Ohhhh, how terrible! What a way to spend Christmas. Glad Matt is ok now though. Prayers for an uneventful recovery

Jazzys Mom


----------



## Kzwicker (Aug 14, 2007)

Thank you  I think I spelled apendix wrong.. Oops..


----------



## AquaClaraCanines (Mar 5, 2006)

Yes, and it better stay that way considering my fear of medical procedure. I'm not sure I'd go to the hopsital if it was infected.


----------



## GoldenJoyx'stwo (Feb 25, 2007)

That truly is a very quick release. Watch him closely. I know many that have had the surgery. They tell me, it ain't pretty!

I've had 5 operations (2 c-sections) and I still HAVE my appendix. I remember when my nephew had his removed, all for nothing.

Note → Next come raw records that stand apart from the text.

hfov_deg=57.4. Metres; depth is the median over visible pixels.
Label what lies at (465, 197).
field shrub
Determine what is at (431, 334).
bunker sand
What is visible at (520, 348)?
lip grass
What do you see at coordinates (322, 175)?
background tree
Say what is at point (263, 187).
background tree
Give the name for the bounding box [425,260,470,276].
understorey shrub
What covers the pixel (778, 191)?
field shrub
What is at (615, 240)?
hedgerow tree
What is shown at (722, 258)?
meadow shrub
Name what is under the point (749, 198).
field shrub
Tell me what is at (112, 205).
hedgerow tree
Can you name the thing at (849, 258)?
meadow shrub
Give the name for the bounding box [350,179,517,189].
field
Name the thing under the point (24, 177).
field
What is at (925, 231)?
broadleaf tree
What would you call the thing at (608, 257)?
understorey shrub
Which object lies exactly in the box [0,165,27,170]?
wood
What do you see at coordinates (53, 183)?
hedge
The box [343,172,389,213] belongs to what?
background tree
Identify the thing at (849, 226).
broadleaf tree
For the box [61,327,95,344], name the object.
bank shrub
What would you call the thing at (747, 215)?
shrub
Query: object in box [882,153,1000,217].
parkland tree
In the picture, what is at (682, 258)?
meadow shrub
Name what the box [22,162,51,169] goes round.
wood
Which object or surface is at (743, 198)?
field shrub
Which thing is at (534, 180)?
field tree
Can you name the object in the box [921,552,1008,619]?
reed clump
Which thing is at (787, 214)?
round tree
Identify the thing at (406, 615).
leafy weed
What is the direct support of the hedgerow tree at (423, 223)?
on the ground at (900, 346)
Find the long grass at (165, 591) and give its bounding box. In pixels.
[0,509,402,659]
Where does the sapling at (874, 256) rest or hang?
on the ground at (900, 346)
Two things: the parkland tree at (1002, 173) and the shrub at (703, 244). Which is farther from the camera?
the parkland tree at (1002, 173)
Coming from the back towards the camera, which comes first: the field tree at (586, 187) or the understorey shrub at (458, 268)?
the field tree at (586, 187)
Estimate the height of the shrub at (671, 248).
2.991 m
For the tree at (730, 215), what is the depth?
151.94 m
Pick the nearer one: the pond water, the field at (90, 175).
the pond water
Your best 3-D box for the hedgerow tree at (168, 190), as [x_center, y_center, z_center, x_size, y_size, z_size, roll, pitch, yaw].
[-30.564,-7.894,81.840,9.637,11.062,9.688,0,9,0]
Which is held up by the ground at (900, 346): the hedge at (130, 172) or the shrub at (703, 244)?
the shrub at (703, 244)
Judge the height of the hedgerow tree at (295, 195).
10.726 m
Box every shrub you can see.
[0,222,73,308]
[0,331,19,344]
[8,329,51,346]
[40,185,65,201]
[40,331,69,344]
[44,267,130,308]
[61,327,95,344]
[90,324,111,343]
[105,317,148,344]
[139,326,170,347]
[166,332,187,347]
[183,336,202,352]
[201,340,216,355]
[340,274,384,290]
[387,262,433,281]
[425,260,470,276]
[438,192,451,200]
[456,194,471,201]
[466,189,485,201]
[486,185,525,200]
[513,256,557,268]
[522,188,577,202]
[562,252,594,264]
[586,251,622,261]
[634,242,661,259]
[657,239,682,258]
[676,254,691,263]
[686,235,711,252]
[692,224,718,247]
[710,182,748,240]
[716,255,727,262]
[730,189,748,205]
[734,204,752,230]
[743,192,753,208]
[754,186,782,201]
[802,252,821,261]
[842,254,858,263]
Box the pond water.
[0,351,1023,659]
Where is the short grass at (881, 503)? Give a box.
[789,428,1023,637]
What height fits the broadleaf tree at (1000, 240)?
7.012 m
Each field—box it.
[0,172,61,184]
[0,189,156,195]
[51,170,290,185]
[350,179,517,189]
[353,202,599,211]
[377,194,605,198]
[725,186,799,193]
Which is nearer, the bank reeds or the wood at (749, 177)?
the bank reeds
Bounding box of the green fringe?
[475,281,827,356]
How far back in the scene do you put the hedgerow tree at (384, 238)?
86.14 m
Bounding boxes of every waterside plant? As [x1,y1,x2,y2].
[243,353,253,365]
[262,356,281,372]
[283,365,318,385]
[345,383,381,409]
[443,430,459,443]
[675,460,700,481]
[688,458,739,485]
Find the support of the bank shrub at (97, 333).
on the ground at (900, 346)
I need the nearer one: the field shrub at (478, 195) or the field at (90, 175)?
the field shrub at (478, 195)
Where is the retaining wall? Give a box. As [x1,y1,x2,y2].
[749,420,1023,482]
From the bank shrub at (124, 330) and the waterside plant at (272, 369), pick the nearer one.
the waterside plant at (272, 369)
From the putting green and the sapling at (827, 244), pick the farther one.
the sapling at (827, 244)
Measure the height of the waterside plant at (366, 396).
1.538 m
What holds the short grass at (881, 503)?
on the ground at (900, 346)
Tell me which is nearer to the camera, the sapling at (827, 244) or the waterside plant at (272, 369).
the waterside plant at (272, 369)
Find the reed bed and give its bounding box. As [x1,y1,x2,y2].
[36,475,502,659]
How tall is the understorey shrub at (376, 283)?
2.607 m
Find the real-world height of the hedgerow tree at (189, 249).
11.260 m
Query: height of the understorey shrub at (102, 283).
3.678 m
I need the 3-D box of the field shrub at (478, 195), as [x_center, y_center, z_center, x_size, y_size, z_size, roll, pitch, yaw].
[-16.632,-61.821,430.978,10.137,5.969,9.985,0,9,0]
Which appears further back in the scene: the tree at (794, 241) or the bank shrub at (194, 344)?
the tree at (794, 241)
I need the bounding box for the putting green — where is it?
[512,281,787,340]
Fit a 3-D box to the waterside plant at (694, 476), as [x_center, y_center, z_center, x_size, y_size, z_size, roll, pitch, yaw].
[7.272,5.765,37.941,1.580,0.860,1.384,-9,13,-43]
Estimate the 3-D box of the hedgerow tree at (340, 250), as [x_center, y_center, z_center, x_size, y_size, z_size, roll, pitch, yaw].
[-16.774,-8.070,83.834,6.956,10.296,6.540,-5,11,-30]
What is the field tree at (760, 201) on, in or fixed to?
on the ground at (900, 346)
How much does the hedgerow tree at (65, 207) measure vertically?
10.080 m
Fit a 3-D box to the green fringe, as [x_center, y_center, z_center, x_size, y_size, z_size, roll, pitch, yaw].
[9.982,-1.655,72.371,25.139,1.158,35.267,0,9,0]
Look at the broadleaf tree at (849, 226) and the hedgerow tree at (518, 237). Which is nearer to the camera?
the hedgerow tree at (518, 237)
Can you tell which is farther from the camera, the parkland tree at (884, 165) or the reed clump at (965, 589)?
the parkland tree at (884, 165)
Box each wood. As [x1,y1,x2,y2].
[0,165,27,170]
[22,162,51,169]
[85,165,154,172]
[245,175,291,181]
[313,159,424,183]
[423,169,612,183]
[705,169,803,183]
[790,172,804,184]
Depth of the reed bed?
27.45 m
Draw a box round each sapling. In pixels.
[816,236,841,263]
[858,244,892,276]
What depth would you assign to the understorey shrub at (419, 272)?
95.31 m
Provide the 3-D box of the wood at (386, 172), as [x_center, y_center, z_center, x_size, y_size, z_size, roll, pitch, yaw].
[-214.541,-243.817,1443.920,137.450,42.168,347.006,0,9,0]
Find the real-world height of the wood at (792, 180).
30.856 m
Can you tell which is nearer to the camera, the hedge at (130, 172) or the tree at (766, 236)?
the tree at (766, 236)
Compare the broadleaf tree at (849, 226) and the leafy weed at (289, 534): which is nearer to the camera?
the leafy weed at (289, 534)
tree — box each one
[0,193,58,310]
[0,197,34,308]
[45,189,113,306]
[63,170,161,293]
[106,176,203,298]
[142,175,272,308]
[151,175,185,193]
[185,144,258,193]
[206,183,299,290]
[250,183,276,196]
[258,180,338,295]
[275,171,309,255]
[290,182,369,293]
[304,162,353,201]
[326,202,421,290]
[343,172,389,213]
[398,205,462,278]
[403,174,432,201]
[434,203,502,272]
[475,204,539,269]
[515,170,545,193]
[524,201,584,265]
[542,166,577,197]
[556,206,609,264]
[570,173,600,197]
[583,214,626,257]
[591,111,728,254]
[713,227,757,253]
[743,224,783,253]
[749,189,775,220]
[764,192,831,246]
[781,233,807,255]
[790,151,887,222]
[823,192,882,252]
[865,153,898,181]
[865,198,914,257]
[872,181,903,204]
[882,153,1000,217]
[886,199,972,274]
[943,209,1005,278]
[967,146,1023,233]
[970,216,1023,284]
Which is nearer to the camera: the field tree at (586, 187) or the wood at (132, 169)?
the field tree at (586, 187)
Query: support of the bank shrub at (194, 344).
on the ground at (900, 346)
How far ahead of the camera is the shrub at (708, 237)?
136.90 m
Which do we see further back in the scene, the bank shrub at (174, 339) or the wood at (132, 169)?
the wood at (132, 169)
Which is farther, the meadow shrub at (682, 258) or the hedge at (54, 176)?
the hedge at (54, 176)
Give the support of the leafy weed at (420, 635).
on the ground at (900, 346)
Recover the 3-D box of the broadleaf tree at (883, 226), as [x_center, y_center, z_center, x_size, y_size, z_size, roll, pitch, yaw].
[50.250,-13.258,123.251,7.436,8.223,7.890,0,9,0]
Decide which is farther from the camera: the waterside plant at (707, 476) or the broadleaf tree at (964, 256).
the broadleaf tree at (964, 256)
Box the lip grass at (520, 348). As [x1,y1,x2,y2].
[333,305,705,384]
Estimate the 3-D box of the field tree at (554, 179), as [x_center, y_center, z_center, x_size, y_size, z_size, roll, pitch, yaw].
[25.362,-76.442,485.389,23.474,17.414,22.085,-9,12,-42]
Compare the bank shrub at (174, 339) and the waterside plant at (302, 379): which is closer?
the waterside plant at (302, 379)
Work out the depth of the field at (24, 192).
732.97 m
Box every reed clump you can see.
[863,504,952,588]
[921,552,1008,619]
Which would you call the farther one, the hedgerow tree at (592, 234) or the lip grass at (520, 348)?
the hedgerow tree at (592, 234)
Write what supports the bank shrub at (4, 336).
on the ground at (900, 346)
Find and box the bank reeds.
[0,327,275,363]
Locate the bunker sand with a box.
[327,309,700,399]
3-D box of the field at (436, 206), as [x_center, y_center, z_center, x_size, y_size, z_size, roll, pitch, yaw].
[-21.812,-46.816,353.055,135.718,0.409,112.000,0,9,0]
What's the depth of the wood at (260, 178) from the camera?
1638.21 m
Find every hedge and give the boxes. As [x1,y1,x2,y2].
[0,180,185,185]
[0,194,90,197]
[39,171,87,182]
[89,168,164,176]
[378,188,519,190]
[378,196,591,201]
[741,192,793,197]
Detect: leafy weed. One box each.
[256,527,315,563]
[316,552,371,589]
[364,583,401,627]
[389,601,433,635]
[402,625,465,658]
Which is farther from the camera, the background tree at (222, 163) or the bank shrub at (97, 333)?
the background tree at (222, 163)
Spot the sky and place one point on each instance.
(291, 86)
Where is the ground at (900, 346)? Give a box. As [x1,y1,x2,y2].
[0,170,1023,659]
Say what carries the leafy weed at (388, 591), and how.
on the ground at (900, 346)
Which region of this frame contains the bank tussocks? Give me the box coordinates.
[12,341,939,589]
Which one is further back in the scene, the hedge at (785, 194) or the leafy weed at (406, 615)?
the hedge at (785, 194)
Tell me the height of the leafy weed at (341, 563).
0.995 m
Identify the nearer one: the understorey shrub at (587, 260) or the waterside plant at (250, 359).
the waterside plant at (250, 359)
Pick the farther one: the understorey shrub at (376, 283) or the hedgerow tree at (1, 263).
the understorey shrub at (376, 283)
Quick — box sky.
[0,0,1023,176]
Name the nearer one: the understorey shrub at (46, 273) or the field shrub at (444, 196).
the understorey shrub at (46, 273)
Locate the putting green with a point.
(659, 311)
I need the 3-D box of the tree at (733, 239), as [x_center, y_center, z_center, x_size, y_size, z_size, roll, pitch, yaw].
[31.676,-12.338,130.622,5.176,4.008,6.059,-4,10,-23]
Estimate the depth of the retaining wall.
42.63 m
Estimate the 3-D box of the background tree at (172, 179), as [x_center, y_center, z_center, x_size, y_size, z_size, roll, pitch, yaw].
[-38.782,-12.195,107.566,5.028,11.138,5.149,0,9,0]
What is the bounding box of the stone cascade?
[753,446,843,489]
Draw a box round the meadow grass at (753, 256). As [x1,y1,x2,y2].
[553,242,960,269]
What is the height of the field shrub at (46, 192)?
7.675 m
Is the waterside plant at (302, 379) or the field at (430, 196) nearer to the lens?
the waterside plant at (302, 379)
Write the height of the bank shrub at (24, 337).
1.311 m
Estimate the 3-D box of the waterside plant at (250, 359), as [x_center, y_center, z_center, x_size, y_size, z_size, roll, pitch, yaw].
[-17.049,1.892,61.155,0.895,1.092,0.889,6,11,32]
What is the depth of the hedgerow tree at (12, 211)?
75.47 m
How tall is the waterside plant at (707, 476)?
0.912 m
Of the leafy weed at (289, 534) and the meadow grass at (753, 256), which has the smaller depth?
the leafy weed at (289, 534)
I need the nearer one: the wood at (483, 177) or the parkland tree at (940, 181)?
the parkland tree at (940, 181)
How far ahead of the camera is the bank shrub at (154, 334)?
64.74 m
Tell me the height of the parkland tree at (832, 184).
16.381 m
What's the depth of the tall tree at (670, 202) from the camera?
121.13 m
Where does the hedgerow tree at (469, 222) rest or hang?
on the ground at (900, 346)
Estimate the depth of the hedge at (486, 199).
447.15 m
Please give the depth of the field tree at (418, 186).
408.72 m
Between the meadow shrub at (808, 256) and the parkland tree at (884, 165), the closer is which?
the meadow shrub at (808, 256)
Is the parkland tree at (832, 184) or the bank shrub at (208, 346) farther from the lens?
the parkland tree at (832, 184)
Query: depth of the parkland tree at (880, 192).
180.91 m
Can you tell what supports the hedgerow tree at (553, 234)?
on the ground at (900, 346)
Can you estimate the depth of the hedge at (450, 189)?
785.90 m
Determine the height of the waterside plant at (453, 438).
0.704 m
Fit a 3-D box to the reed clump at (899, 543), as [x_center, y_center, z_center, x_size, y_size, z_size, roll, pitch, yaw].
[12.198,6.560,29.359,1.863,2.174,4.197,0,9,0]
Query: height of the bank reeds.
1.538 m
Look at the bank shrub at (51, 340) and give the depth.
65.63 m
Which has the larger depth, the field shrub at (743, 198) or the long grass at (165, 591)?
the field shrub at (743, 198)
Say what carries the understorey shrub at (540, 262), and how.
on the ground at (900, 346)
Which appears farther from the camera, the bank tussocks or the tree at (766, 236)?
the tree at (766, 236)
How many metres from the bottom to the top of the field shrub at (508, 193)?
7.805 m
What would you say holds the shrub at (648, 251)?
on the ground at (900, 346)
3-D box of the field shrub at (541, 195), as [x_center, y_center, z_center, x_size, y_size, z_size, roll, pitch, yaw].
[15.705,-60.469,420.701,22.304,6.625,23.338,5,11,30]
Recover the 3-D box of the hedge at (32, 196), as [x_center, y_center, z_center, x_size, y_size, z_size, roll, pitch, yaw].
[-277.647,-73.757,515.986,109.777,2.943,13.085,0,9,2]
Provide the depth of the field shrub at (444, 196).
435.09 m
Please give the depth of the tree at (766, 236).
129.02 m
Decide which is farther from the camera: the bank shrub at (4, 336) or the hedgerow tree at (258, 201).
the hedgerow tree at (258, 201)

He was having a Hereditary Angio Edema attack after leaning over the side of a pool wall.


----------



## Bailey & Bentley (Feb 25, 2007)

Misery loves company right! Sorry you had such a stinky christmas eve. I don't think emergency rooms are any more fun than house fires. I am glad he is ok now. I hope your christmas day turned out better for you both.

And yes, I still have mine, I think my hubby had his taken out though.

How is he know? Any pain?


----------



## Charlie06 (Feb 10, 2007)

*What a way to spend Christmas. Hope he feels better.* Just don't say anything too funny for a while cause it hurts to laugh for a few days. Hubby had his out when he was 30 and I had mine out when I was 30 (he's 3 years older than me) so that was kinda weird. I think I downed a whole bottle of Pepto before I couldn't take it anymore and went to the hospital. It' funny, mine didn't hurt on the right saide like everyone says. I didn't feel it in the balls either....lol


----------



## BeauShel (May 20, 2007)

I still have mine but my niece was feeling really sick and having pain. They took her to the ER and it was her appendix. It was removed and the next morning she was released. Hers was done by laser or something like that and she had two small incisions. That evening she was up walking around and being her 10 yr princess self. Everyone waiting on her and spoiling her rotten. Including me.


----------



## Ardeagold (Feb 26, 2007)

Glad to hear that all went well!! 

My son had appendicitis and the first hospital ER misdiagnosed him. Sent him home. Then it burst and fortunately the second hospital he went to that night fixed him up. (Then the internal stitches ruptured......but that's another story). He was in the hospital for 5 days the first time, and 3 days for the repair.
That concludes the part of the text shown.